> [DATA SUPPLIED]

◇ ◇ ◇ ◇

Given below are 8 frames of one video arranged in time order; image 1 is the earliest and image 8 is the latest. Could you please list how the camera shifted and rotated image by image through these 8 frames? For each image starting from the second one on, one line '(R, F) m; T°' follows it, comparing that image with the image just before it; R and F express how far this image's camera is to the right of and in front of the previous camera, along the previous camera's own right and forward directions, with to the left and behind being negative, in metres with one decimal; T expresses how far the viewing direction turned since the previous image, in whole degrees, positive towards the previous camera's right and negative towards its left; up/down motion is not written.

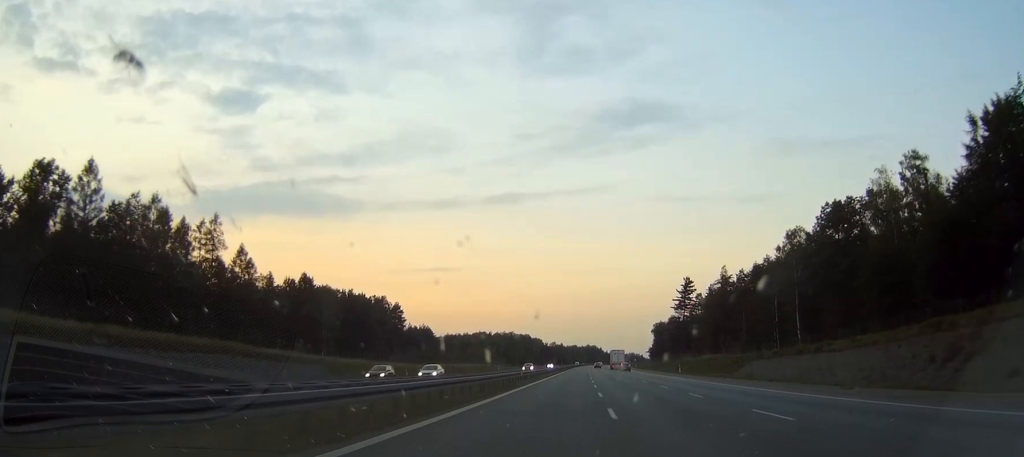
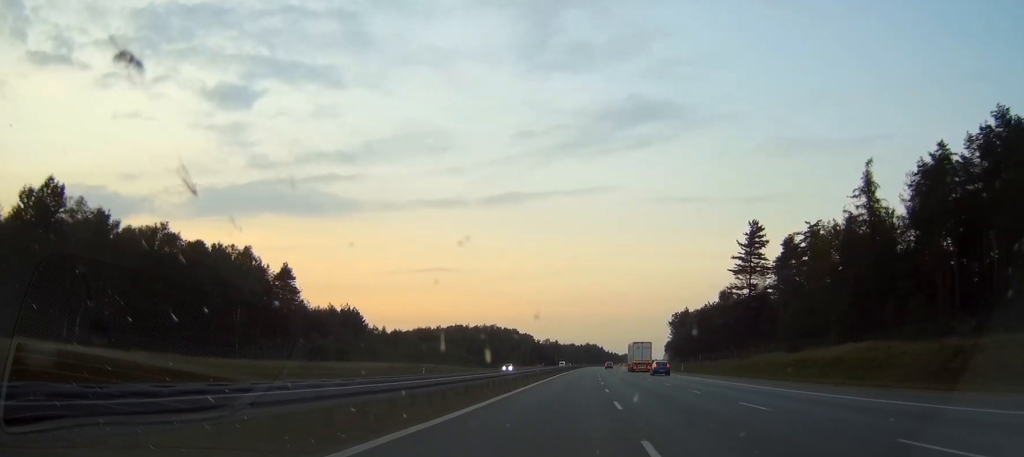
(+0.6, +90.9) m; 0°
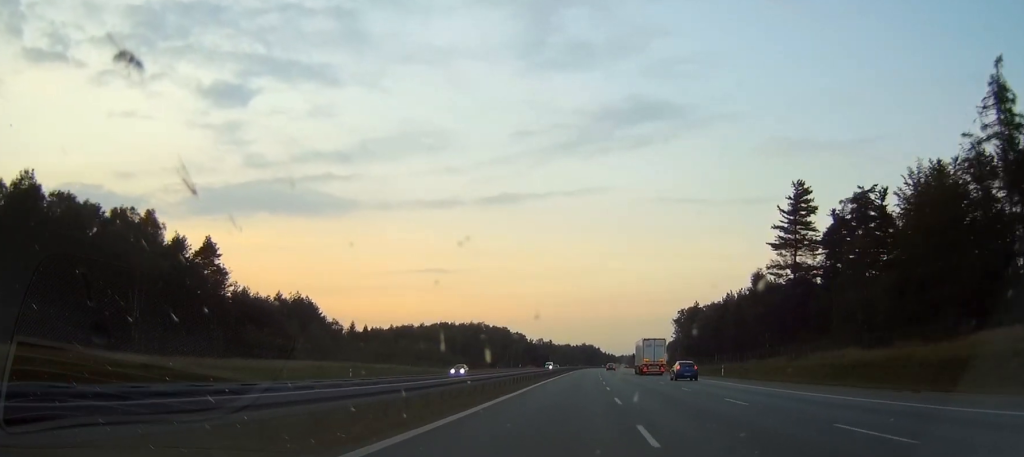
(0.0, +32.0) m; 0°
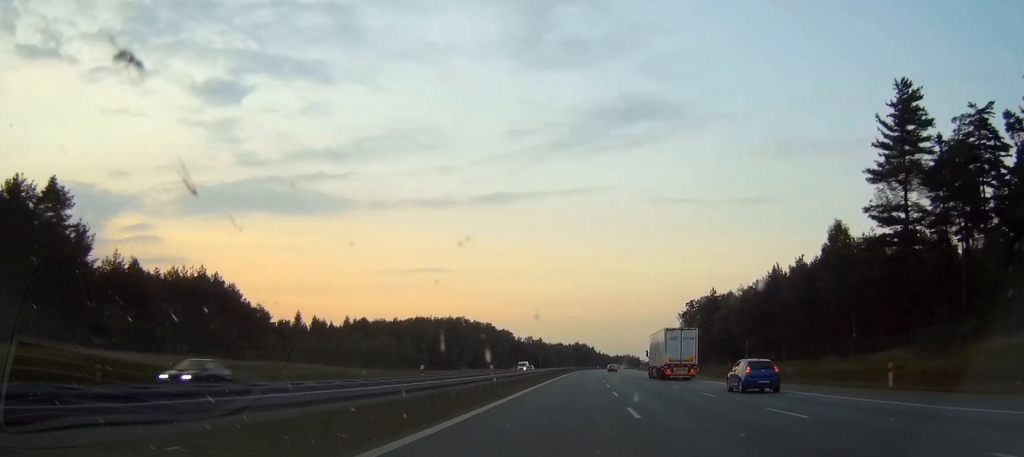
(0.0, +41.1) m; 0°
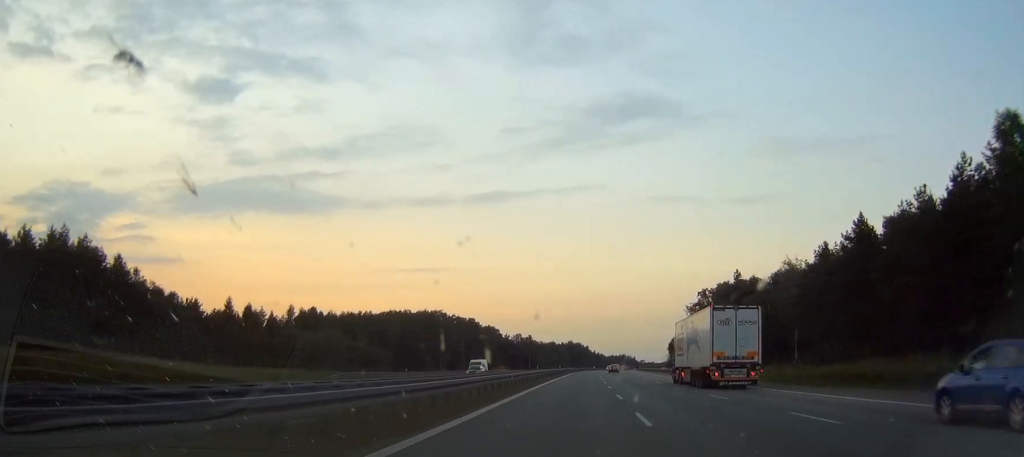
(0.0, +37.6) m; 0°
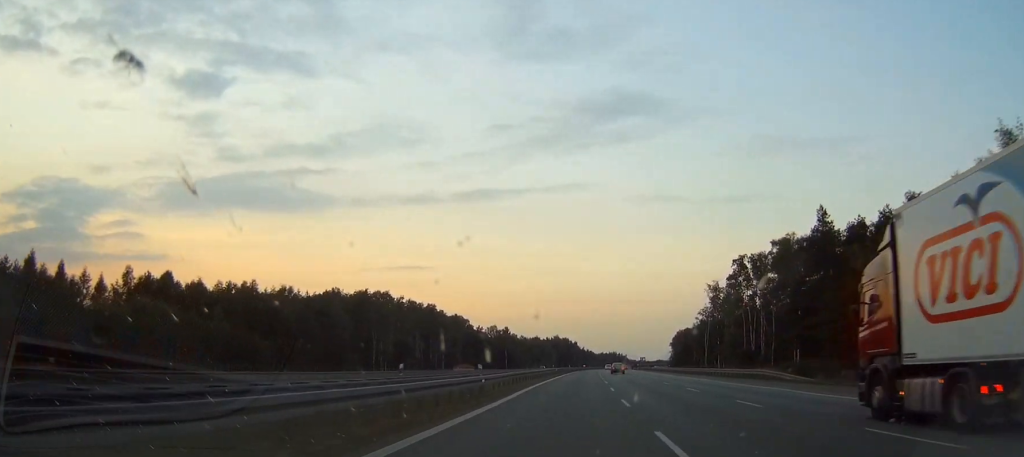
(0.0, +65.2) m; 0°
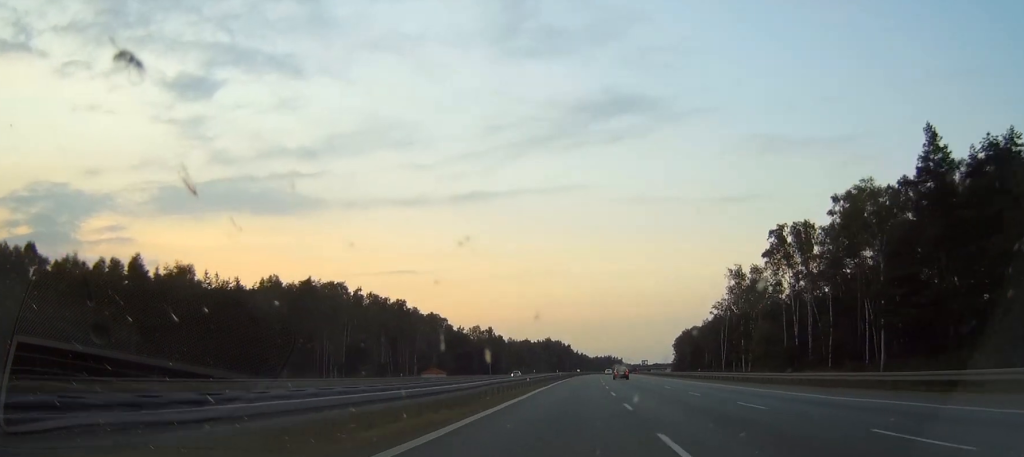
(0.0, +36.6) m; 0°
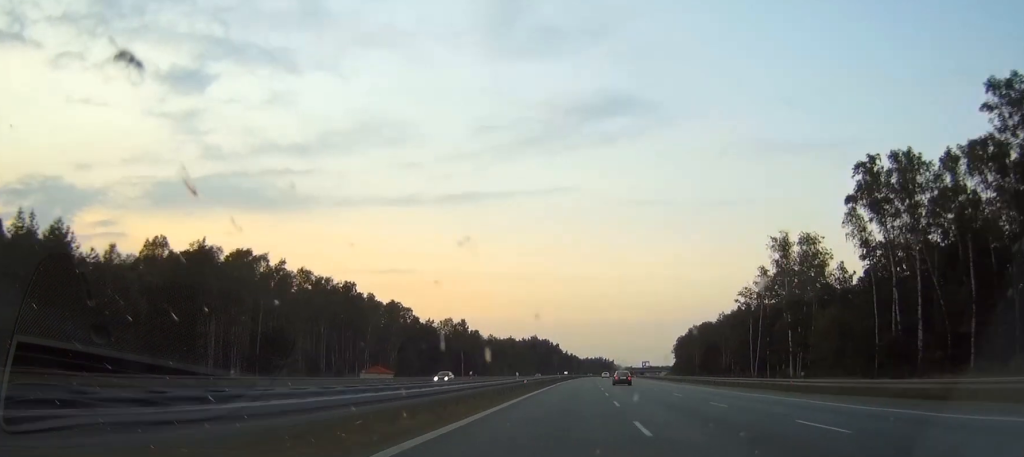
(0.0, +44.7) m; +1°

◇ ◇ ◇ ◇

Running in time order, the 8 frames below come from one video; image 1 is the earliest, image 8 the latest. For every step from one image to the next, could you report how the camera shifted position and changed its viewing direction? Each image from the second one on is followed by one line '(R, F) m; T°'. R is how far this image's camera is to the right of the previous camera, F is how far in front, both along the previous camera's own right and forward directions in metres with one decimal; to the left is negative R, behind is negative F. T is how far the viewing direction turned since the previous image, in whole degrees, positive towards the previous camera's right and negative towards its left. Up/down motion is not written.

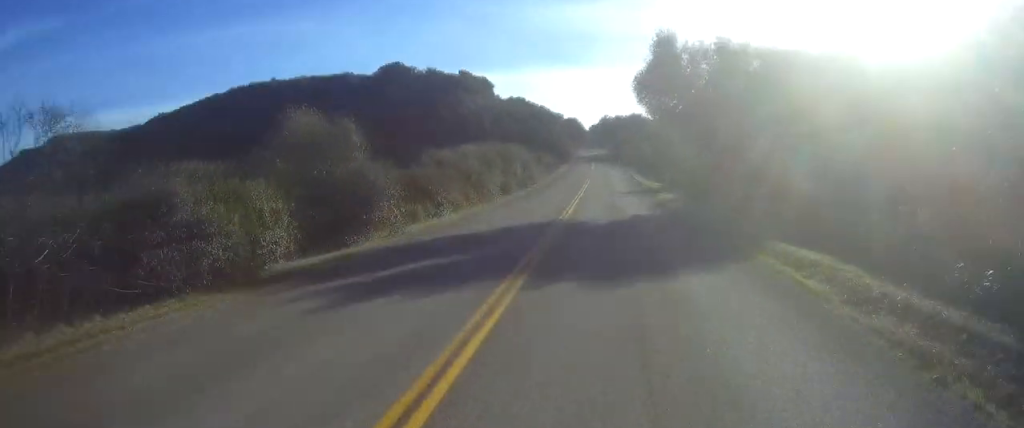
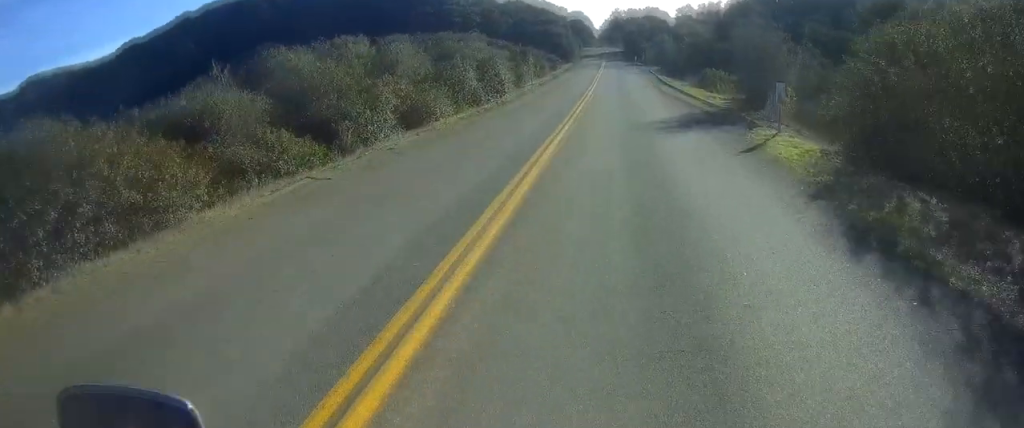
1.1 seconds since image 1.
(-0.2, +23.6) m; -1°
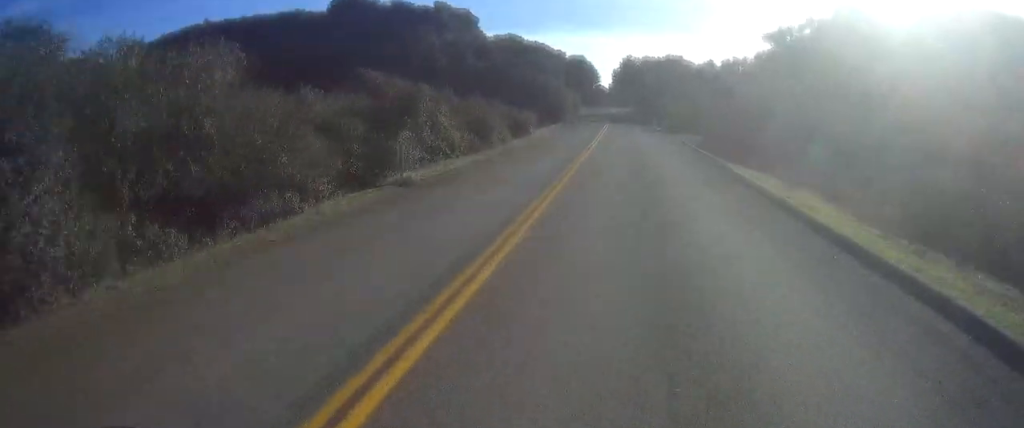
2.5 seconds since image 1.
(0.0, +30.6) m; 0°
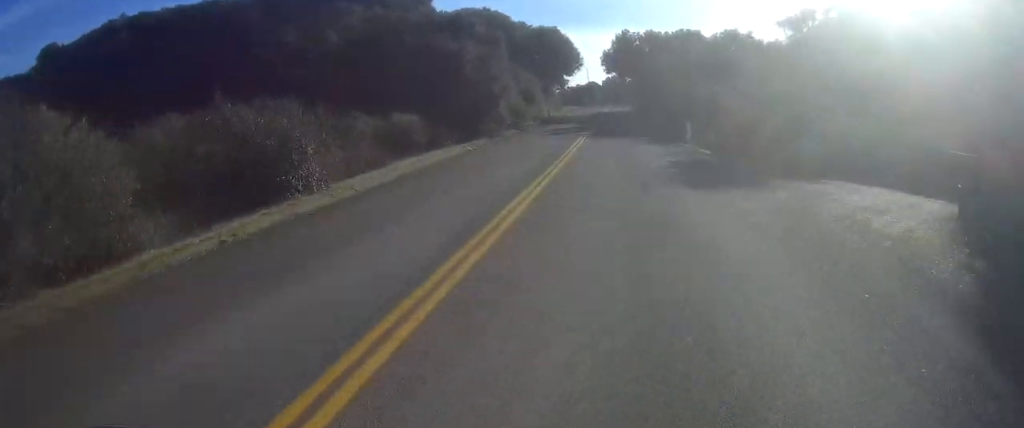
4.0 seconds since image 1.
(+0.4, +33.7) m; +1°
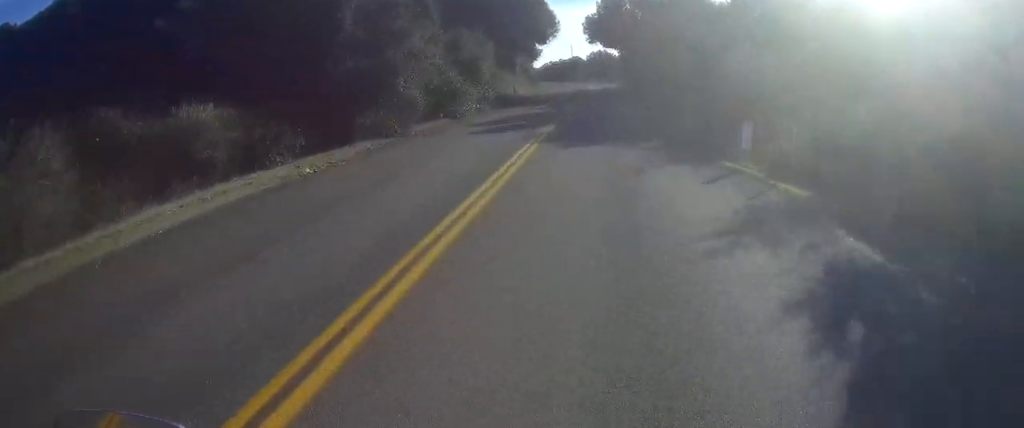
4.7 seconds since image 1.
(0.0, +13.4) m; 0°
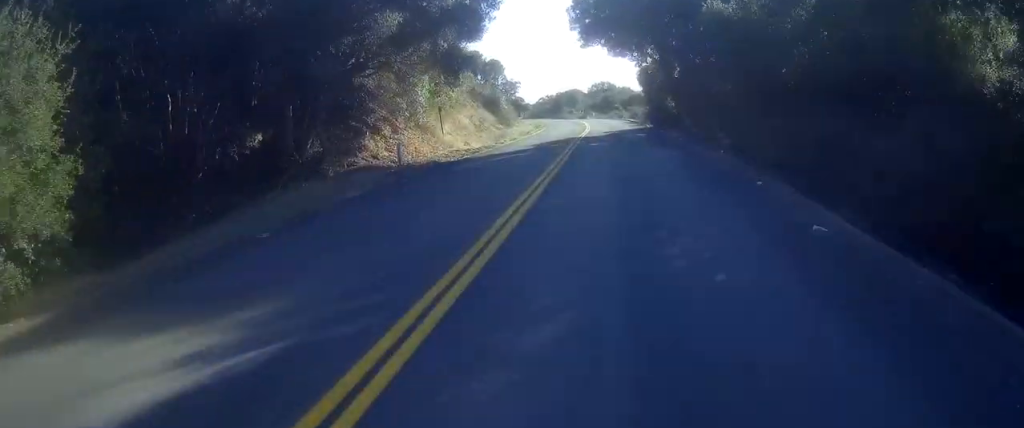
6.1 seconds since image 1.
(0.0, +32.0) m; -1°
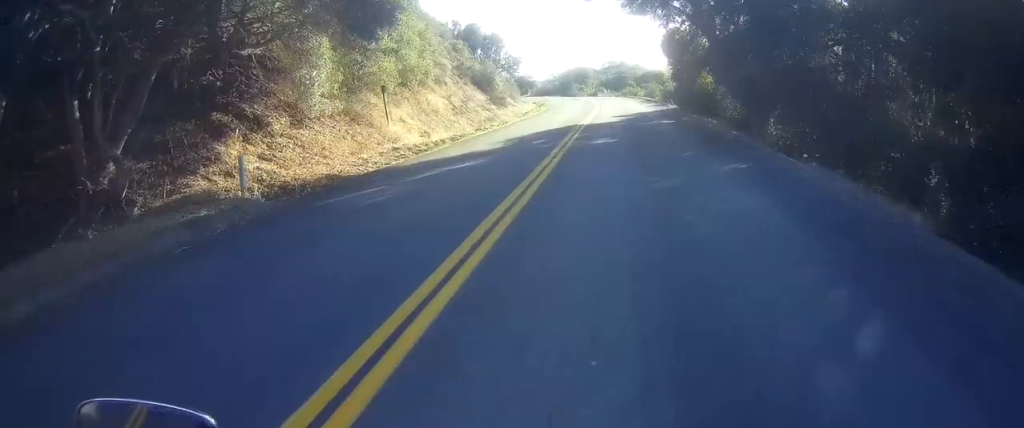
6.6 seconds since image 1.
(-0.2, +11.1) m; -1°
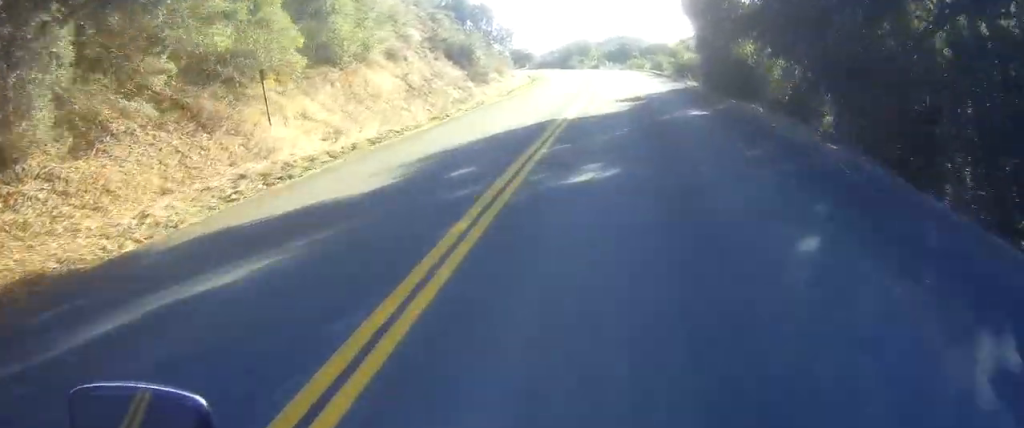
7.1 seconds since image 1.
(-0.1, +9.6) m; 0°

◇ ◇ ◇ ◇

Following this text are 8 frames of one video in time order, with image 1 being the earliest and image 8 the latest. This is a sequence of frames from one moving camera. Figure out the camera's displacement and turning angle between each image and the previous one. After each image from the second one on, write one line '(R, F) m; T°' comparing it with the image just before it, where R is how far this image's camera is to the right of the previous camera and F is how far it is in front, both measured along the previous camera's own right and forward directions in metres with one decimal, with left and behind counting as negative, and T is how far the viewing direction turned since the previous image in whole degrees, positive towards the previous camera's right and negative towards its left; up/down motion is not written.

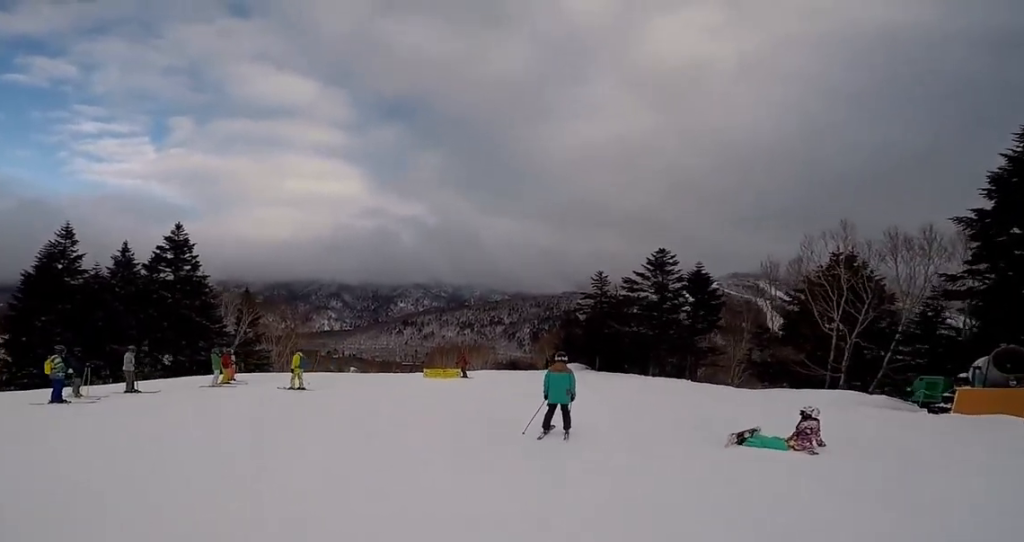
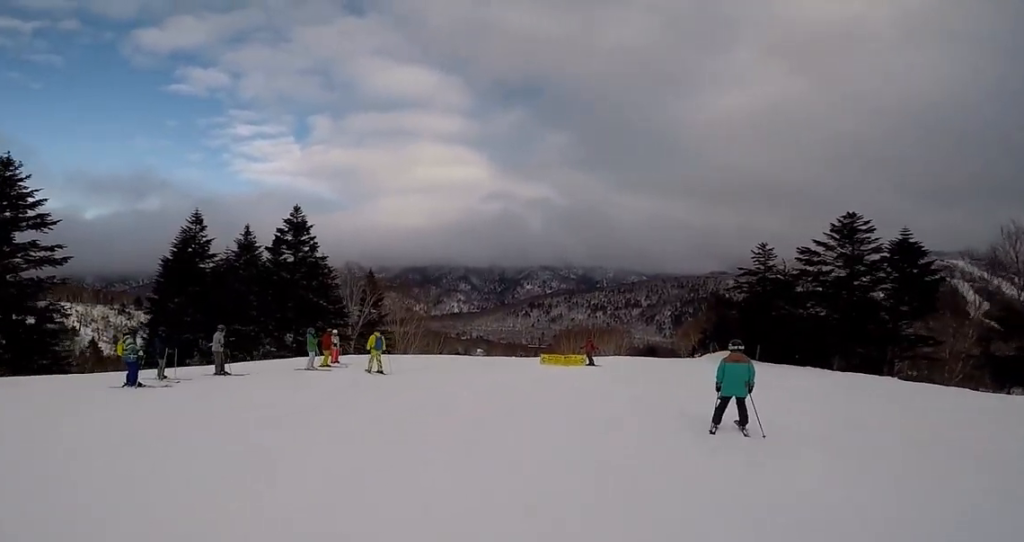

◇ ◇ ◇ ◇

> [TASK]
What lines in the data include the string "both"? Copy each one.

> [EXERCISE RESPONSE]
Running in time order, the 8 frames below come from one video; image 1 is the earliest, image 8 the latest. For every step from one image to the next, could you report how the camera shifted position and changed its viewing direction? Each image from the second one on is followed by one line '(R, F) m; T°'. R is how far this image's camera is to the right of the previous camera, F is how far in front, both along the previous camera's own right and forward directions in metres with one decimal; to the left is negative R, behind is negative F. T is how far the viewing direction turned since the previous image, in whole degrees, positive towards the previous camera's right and negative towards its left. Up/down motion is not written.
Following this text are 8 frames of one video in time order, with image 1 being the earliest and image 8 the latest. This is a sequence of frames from one moving camera. Figure out the camera's displacement and turning angle between each image and the previous one. After each image from the second one on, write one line '(R, F) m; T°' comparing it with the image just before it, where R is how far this image's camera is to the right of the previous camera and F is how far it is in front, both measured along the previous camera's own right and forward directions in metres with one decimal, with left and behind counting as negative, and T is how far the viewing direction turned since the previous image in whole degrees, positive towards the previous camera's right and negative towards its left; up/down motion is not written.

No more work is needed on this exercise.